Mango Lime Breakfast Parfaits
Updated: Oct 27
I'm always looking for ways to spice up my breakfast/snack game. I think these parfaits fit the bill perfectly. Mangoes are great for breakfast and a great pre-workout snack. The portability of this recipe allows you take it with you on the go, either to work or the gym!
I admit that I am obsessed with chia puddings and mango. It's hard not to make a bunch of chia puddings and/or mango recipes for this blog. I could eat both foods, together or separate, every day.
Just a few notes...
-In this recipe you will want to use coconut milk from a carton, rather than a can, because its thinner.
-If you have a texture thing with chia seeds, you can always blend the coconut lime layer in a high-speed blender until its smooth and creamy.

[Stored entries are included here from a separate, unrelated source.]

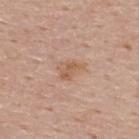Findings:
• follow-up: catalogued during a skin exam; not biopsied
• patient: male, about 55 years old
• acquisition: total-body-photography crop, ~15 mm field of view
• location: the upper back
• lighting: white-light
• size: ≈3 mm
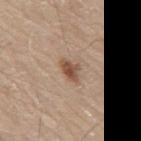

-I found these releasable lids for glass mason jars that are a life changer. NO RUST!
*Please note this is an affiliate link*
Coconut Lime Layer
2 cups of coconut milk (carton)
Zest and juice of 1 large lime
4 tbsp. maple syrup
1/2 tsp vanilla extract
6 tbsp. chia seeds
5 honey mangoes (about 3.5 cups, chopped)
1 tbsp. arrowroot powder
2 tbsp. maple syrup
Combine all ingredients for the coconut lime layer in a medium bowl with a lid. Whisk ingredients together and cover. Refrigerate for at least 4 hours. If its too thin, add more chia seeds 1 tablespoon at a time and put back in the fridge for another hour.
Once the coconut lime layer is ready, make the mango gelée by combining all ingredients into a high speed blender for at least 30 seconds or until smooth and creamy.
Get out 5 small mason jars with resealable lids and start the layers off with the coconut lime pudding, alternating with the mango gelée. Seal tightly and refrigerate until ready to eat.